Interest While Building

Good morning

I am in the process of building an IP in Brisbane at the moment:). I'm almost positive that I have read on this site (can't find it now) that the interest whilst building is tax deductable as long as your intention for building that property is for rental. I had a discussion with a friend yesterday who is an accountant (not a tax accountant) and she seemed to think that it was not deductable:(.

I'm now confused?

Help appreciated.

Regards

Dan
 
This is an accountant question, so you should ask your accountant specifically, but I know of plenty of people who have claimed the interest and other costs during the construction period of an investment property.
 
Does that mean for example that a loan for a vacant block of land that I have paid interest on for the past three years, (which was always going to be used to build an IP on) is tax deductable, or is it only from the period from when I commence construction?

Cheers,
Phil
 
what if one bought a block of land, claimed interest for 2 years, but then changed plans and sold the block instead of building on it ? the 2 years of interest has already been claimed (and spent!)..
 
Further to this I see now in the PIA software update there is now a section for calculating your holding costs when building - very useful :).

I note that it gives you the option to take the holding costs as an immediate deduction in the first year, or for the costs to be added to the capital cost.

However, in Jan Somers book "More Wealth from Residential Property" it states on page 188 that interest "....may be added as a capital cost until it [the building process] is finished." :confused:

I'm a little confused about this now. I guess I will find out next month when I get my tax done, but happy to hear any of your thoughts?

Regards

Dan
 
what if one bought a block of land, claimed interest for 2 years, but then changed plans and sold the block instead of building on it ? the 2 years of interest has already been claimed (and spent!)..

I asked my friend who is a lawyer for ATO this once (had this same brilliant idea) - no it is NOT deductible and any deduction must be paid back
 
Hi

This what the ATO says on its web site:
... , if you take out a loan to purchase land on which to build a rental property or to finance renovations to a property you intend to rent out, the interest on the loan will be deductible from the time you took the loan out. However, if your intention changes – for example, you decide to use the property for private purposes and you no longer intend to use it to produce rent or other income – you cannot claim the interest after your intention changes.

It doesn´t mention any limit of time. I am assuming two years until the house is completed shoud be a ok period to claim the interest.

Cheers,

Roberto
 
The ability of a taxpayer to claim interest depending on their intention is clear cut for me as an accountant. If you intend to rent it out, deductible.

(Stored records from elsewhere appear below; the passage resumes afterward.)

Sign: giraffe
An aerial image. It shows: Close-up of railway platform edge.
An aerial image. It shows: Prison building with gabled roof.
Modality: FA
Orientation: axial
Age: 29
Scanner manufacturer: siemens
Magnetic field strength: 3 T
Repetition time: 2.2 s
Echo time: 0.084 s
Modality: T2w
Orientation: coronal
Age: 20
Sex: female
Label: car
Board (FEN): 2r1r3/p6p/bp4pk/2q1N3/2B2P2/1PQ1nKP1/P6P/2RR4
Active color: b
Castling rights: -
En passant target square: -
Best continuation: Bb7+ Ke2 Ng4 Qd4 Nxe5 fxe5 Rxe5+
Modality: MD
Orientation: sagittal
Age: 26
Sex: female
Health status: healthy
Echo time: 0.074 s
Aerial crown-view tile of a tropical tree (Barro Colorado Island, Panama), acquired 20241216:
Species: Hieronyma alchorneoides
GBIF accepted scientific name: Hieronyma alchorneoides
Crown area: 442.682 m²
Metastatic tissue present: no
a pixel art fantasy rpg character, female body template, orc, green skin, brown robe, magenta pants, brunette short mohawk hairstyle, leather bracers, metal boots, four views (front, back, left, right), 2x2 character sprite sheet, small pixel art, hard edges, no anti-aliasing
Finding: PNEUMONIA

However, people change their intentions on what they do with the property, which changes the way the GST and interest is claimed. This is very very messy. For example, I have a client that decided to rent out his residential buildings, changed his mind and decided to sell them, then had trouble selling them and decided to rent them out. GST treatment had to change, adjustment periods came into play, the tax treatment changed, yuck what a nightmare.

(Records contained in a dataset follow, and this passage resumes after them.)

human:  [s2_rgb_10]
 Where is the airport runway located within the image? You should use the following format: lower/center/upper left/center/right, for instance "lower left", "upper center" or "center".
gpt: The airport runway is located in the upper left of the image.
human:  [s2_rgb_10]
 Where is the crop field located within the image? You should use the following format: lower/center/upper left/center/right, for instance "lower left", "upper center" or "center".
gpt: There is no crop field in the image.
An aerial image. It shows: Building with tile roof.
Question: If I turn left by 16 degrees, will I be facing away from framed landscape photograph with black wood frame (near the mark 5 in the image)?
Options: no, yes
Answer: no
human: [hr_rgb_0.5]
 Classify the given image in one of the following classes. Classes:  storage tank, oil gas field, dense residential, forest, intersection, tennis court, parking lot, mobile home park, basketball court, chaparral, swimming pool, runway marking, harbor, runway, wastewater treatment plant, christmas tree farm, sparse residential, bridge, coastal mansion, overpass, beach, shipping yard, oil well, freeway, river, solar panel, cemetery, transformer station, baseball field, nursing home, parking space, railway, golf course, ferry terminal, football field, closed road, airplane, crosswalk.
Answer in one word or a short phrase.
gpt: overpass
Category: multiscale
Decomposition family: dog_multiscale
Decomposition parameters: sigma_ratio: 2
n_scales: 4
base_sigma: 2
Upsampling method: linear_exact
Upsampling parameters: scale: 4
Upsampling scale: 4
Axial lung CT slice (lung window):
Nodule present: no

As soon as you decide to sell a unit, unless you are in the business of buying and selling property the interest ceases to be deductible and is added to the cost base of the property.
 
Reading this:

... , if you take out a loan to purchase land on which to build a rental property or to finance renovations to a property you intend to rent out, the interest on the loan will be deductible from the time you took the loan out. However, if your intention changes – for example, you decide to use the property for private purposes and you no longer intend to use it to produce rent or other income – you cannot claim the interest after your intention changes.

From the ATO, it seems to me that you could claim the two years interest and that you would only have to stop when your intention changed. Is that right?
 
Reading this:
... , if you take out a loan to purchase land on which to build a rental property or to finance renovations to a property you intend to rent out, the interest on the loan will be deductible from the time you took the loan out.
Correct.

..However, if your intention changes – for example, you decide to use the property for private purposes and you no longer intend to use it to produce rent or other income – you cannot claim the interest after your intention changes.
Also correct ..as SOON as your INTENTION changes from income production (..to private use .e.g.) you loose the deductibility.

.. From the ATO, it seems to me that you could claim the two years interest and that you would only have to stop when your intention changed. Is that right?
Yep.. spot on. Say your intentions were to build an IP, then you decided to sell the land. Interest is deductible UNTIL the moment you decide to sell. At that moment your INTENTION ceases to be related to income production ..which is the reason the ( very kind & humane :rolleyes:) ATO is giving you the tax deduction.
( Better have those intentions well documented lads if audited ..letters to accountant, business plans, meetings with agents !!!!!)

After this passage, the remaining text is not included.